Wednesday, May 6, 2009

State of Grace

In a previous post I mentioned I am a lover of language and words. Some scientists say that the use of language separates us from other animals, but I don't believe that. In my opinion, other (maybe most) animals on this planet use language. I certainly think that whales and porpoises have and use language. The great apes - gorillas, chimpanzees, orangutans - most likely have some sort of vocal communication. And my work with rabbits over the past decade has convinced me beyond any reasonable doubt that they have a common language which they use to talk to each other. It's far too subtle for humans to discern, but I believe it's there. Even very young rabbits are born with an understanding of the lapine language.

Maybe what does delineate us from other animals is the extent to which humans use language. Over thousands of years humans have created hundreds, if not thousands of individual languages and dialects. More importantly, humans have devised a way of codifying and writing their language down, which means knowledge can be preserved and transferred to other humans. Animals may have dialects but to our (admittedly meager) knowledge they do not write things down.

Humans have taken language as a means to express information about concrete objects and extended it to include abstract concepts. Abstractions are very important ideas that don't necessarily have a physical manifestation. Emotions, such as sorrow, joy and anger, are abstract concepts without a physical component, even though you can often "tell" if someone is angry or sorrowful from the way they look and act . But these are merely outward signs, not the emotion themselves. Other abstract concepts such as courage and honesty are even more ephemeral - it's sometimes impossible to tell from their outward appearance if someone is courageous or honest. But they exist and are very important. It's interesting to me how some of the smallest words can carry immense abstract meaning, which brings me to the subject of this post.

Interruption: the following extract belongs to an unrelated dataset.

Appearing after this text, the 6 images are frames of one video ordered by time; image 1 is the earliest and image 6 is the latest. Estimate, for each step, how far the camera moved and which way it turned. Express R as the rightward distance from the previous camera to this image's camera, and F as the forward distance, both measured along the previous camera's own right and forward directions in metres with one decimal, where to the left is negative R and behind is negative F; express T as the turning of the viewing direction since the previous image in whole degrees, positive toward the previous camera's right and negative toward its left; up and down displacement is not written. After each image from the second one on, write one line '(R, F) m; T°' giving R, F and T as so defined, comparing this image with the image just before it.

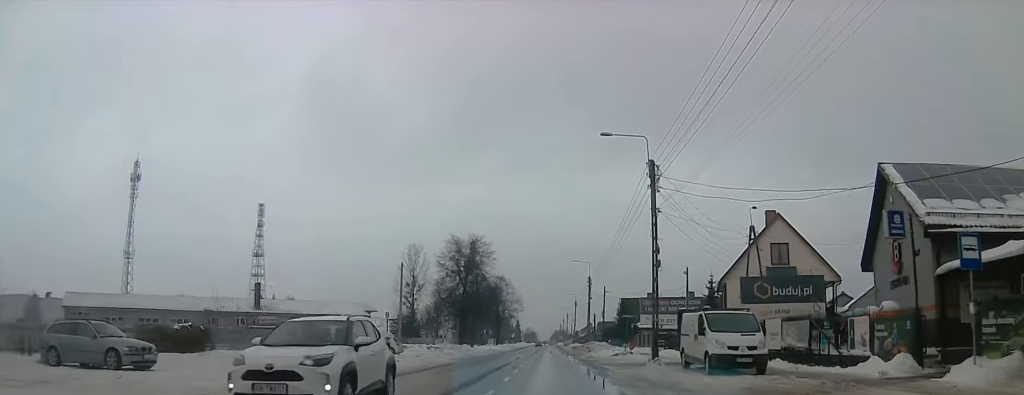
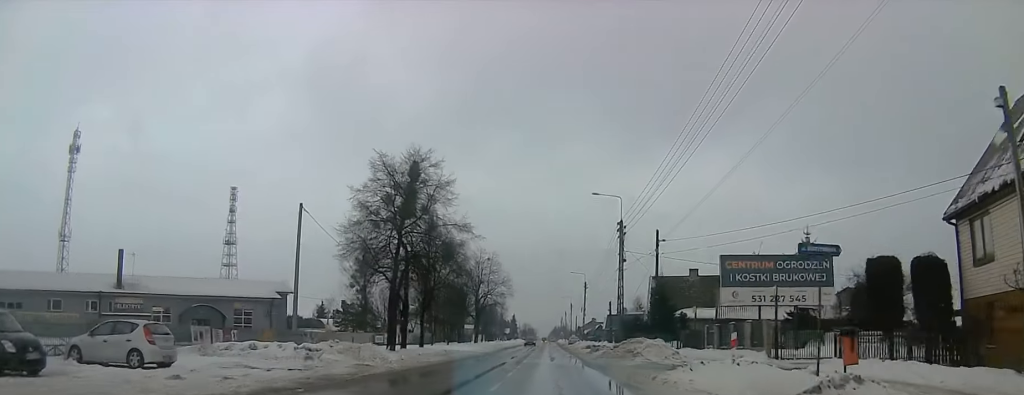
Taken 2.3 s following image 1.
(0.0, +32.9) m; 0°
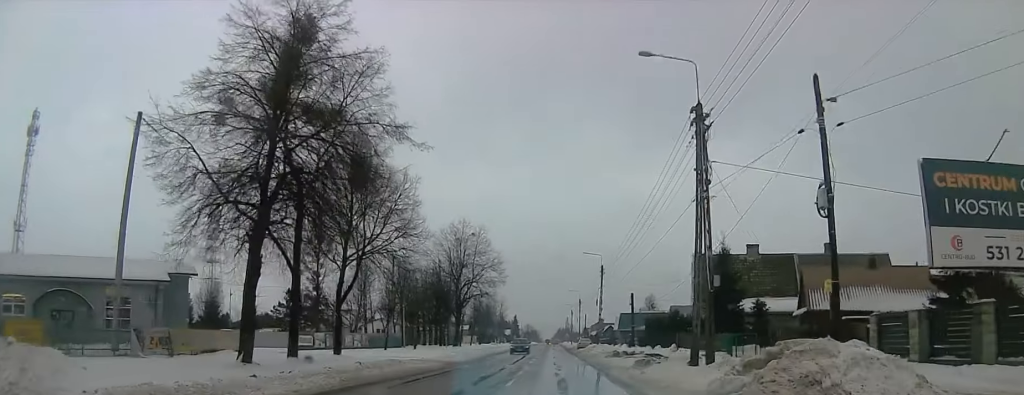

"Grace" is one of these words. Five letters, one small word, but what an interesting concept. Everyone has heard of grace. Athletes and dancers can be described as "graceful." We talk about being in someone's "good graces." A Catholic prayer starts out, "Hail Mary, full of grace." We've heard about "grace" all our lives but what does it truly mean? If a dictionary entry did not exist for "grace" and you were called upon to write it, what would you write? It is such a highly abstract concept that everyone knows what it is, but it is very difficult indeed to describe it in concrete terms, much like "hope," an even smaller word but equally abstract. We all know what "hope" means, but how can we describe it concretely?

I did look up "grace" in the online dictionary and there were eight different entries for its meaning, including the short prayer said before meals and a temporary reprieve or exemption, such as a grace period for paying a bill. Only one entry came close to the abstract meaning I'm thinking about, "the quality or state of being considerate or thoughtful," which for me doesn't quite come close to describing grace. For me, "grace" is a state of being, but it covers so much more. It is a state of contentment, satisfaction and happiness, of being magnanimous in spirit, of being generous and joyful and accepting and embracing everything in life. It is a place you find yourself when you are fully appreciative of the life you have, being surrounded by people and things that you love, and understanding how fortunate you are. I think all animals naturally exist in a state of grace. Humans also have a legacy of graceful living, but too many years of "civilization" have taken it away from us. That's why we need to strive and purposefully try to get back to this natural "state of grace" into which we are born.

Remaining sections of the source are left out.